[Data excerpts]
»»

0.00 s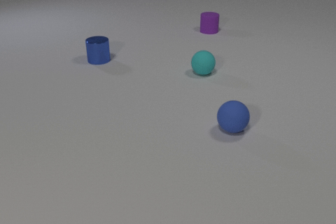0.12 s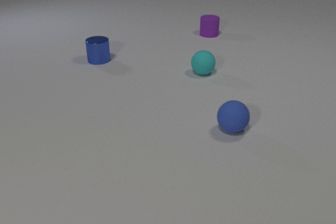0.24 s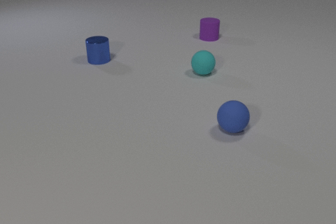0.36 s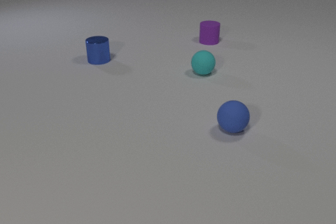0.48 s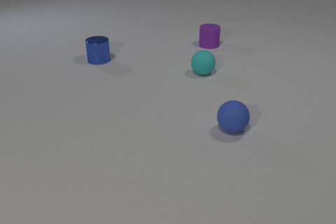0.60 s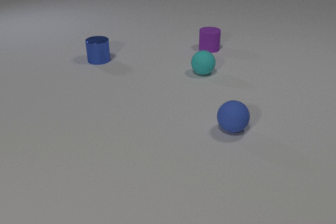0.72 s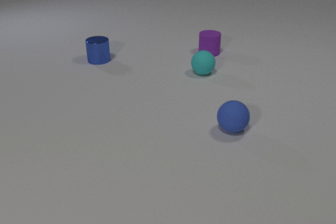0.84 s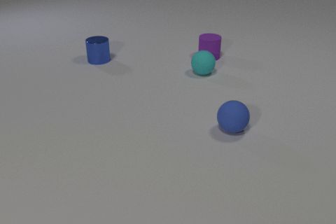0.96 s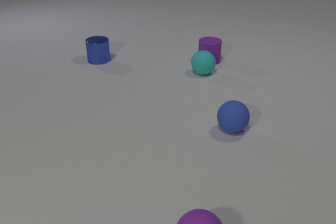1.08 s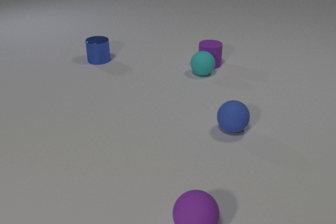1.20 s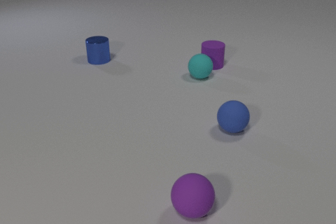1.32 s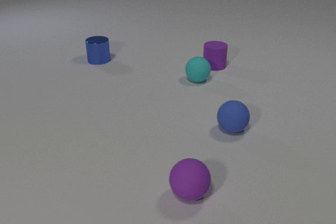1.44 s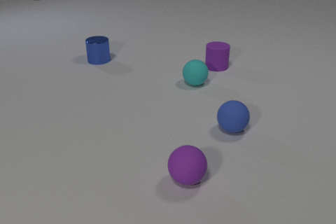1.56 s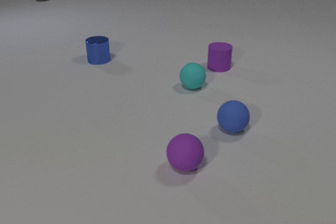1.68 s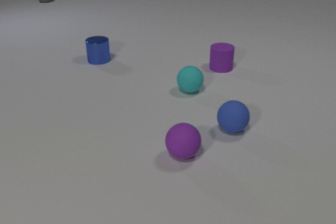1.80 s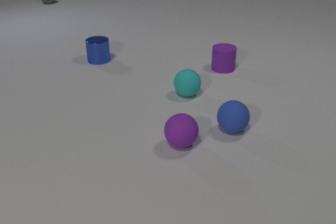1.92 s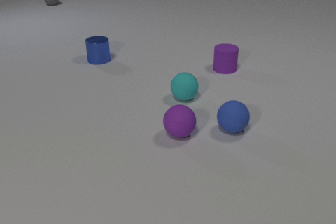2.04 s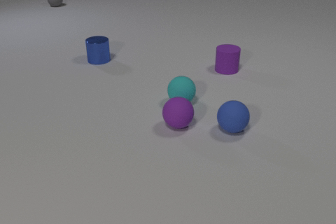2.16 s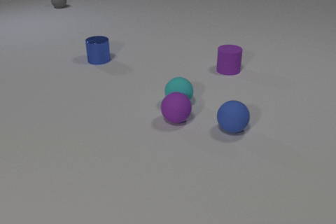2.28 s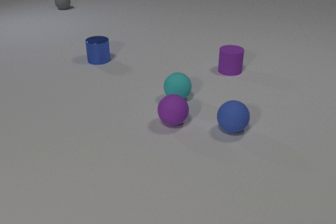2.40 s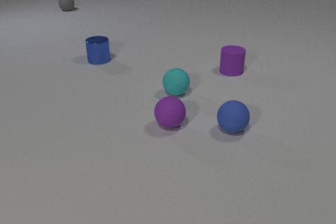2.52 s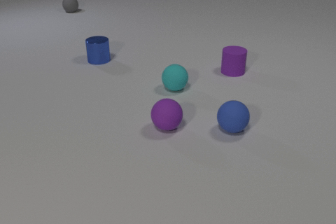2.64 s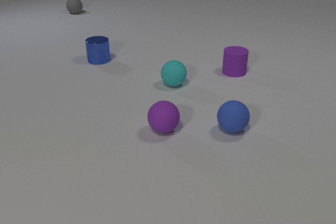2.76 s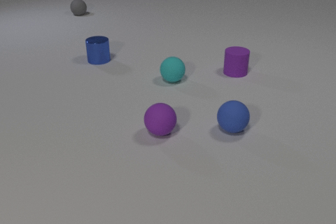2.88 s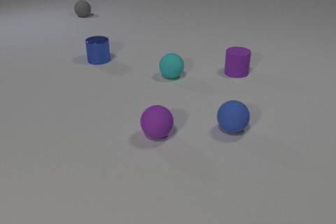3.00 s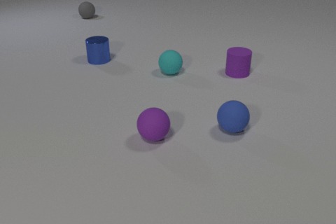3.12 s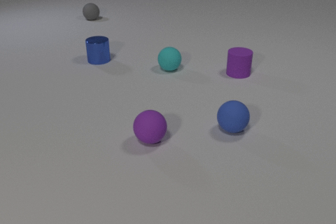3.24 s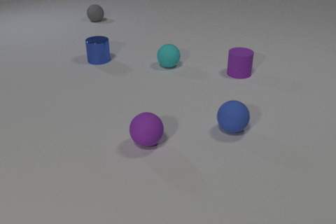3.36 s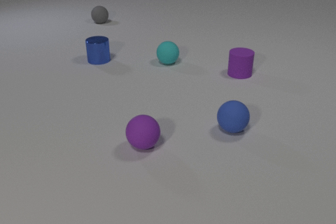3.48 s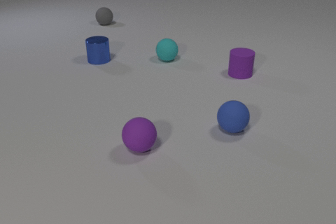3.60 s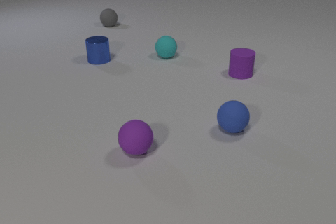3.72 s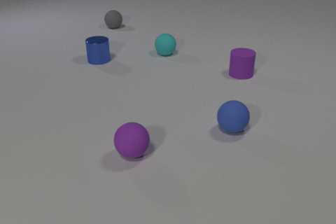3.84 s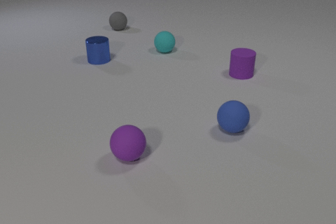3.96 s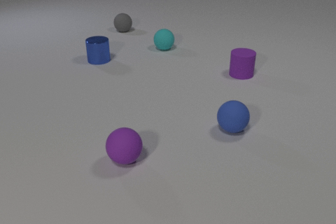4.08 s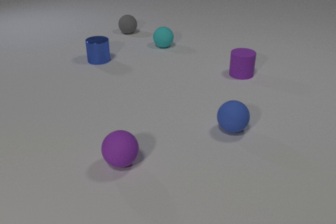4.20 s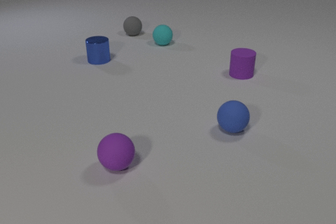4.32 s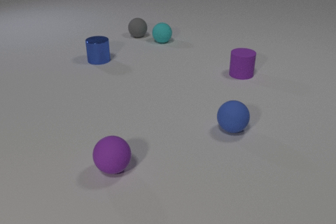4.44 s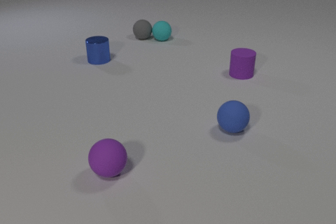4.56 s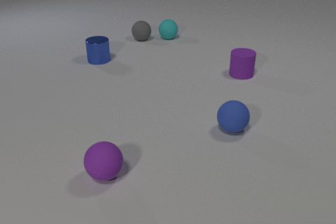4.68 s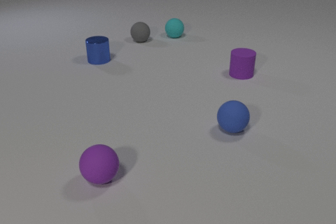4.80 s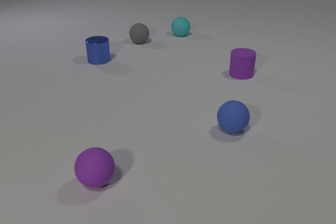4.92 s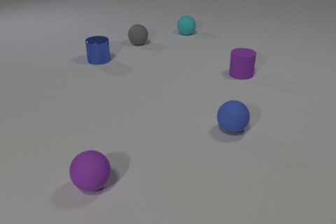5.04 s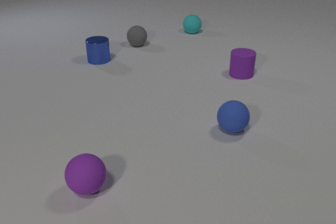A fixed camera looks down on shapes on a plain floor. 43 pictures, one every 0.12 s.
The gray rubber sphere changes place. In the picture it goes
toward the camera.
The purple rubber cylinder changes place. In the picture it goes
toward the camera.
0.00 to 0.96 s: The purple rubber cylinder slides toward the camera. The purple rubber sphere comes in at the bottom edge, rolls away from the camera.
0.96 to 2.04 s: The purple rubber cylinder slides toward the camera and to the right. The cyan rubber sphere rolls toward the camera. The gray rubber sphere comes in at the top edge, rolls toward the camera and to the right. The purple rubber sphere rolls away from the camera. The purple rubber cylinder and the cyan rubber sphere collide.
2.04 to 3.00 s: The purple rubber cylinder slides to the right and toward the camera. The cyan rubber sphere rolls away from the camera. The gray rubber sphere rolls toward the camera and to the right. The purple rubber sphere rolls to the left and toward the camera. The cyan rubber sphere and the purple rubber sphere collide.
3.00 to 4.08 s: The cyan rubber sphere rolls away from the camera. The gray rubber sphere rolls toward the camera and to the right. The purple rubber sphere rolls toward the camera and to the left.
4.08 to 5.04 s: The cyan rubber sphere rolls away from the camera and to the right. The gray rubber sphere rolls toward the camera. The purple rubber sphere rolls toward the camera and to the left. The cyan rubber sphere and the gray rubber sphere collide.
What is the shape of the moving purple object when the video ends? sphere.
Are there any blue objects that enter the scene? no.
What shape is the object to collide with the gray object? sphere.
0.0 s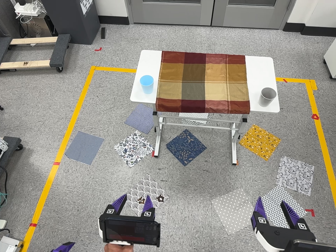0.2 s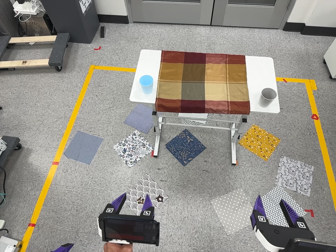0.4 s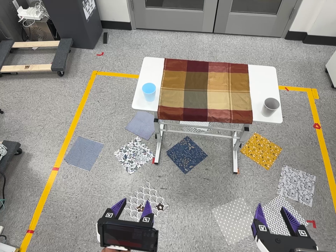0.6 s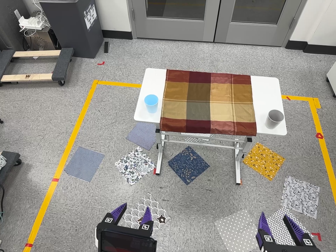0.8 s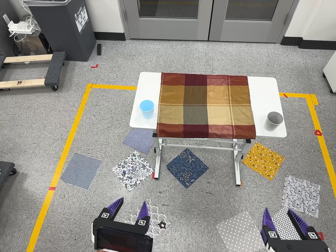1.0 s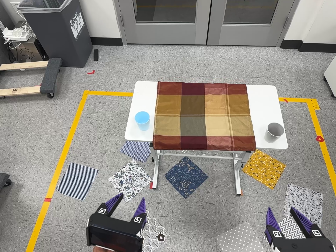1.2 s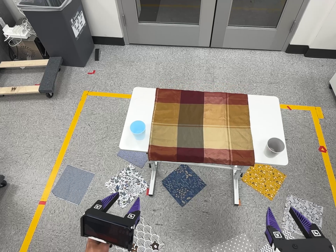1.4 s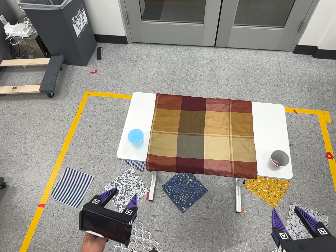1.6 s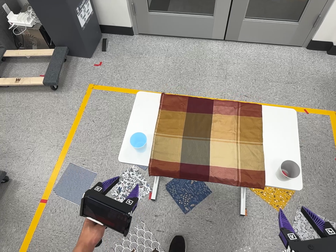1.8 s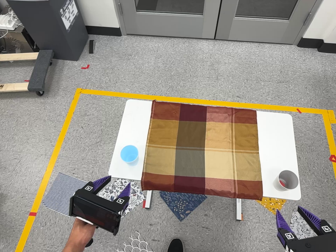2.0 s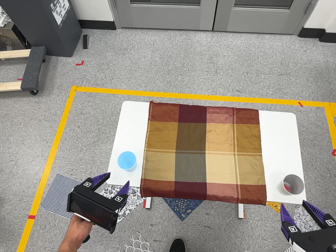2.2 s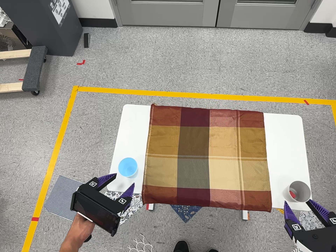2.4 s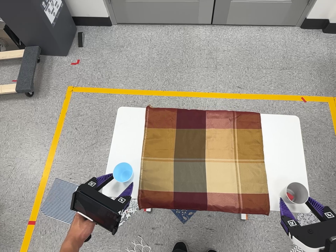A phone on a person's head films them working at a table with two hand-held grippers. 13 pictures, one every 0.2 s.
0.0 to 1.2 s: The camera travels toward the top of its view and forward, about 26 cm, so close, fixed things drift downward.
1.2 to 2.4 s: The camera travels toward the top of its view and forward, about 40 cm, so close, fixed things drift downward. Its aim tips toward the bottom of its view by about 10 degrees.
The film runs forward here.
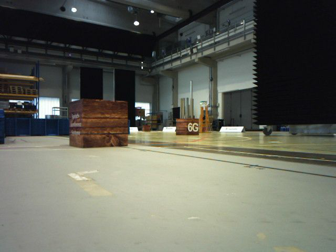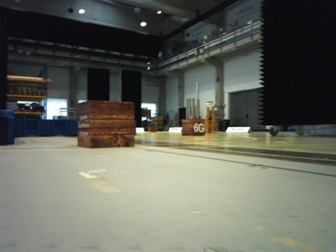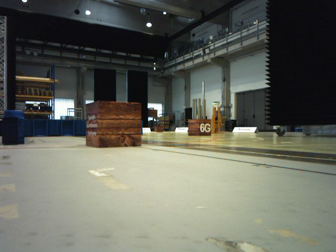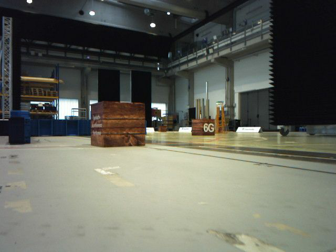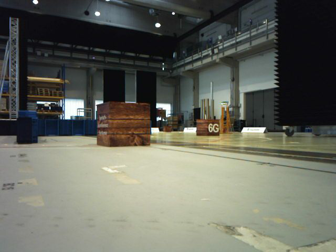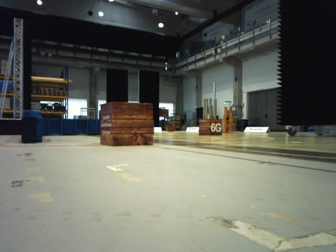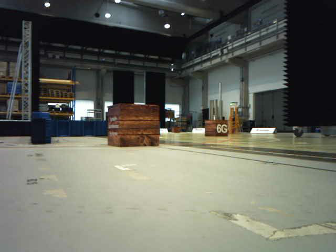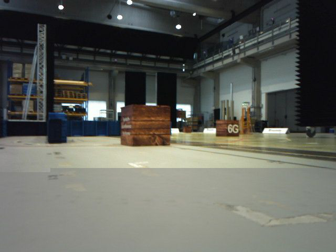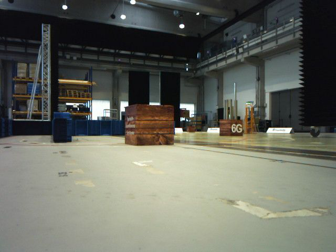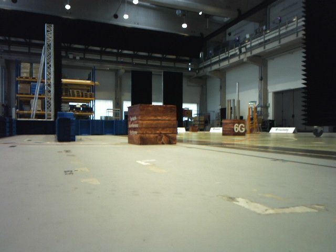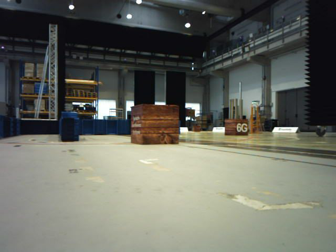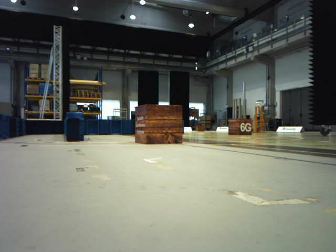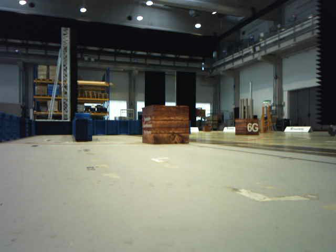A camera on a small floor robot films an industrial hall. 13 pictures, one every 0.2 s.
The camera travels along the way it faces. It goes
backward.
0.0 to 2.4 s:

««

**What you need to do**
Print again, word for word, every line from the line with "A camera on" to the final line of the records, inclusive; skip the pictures.

**Task output**
A camera on a small floor robot films an industrial hall. 13 pictures, one every 0.2 s.
The camera travels along the way it faces. It goes
backward.
0.0 to 2.4 s:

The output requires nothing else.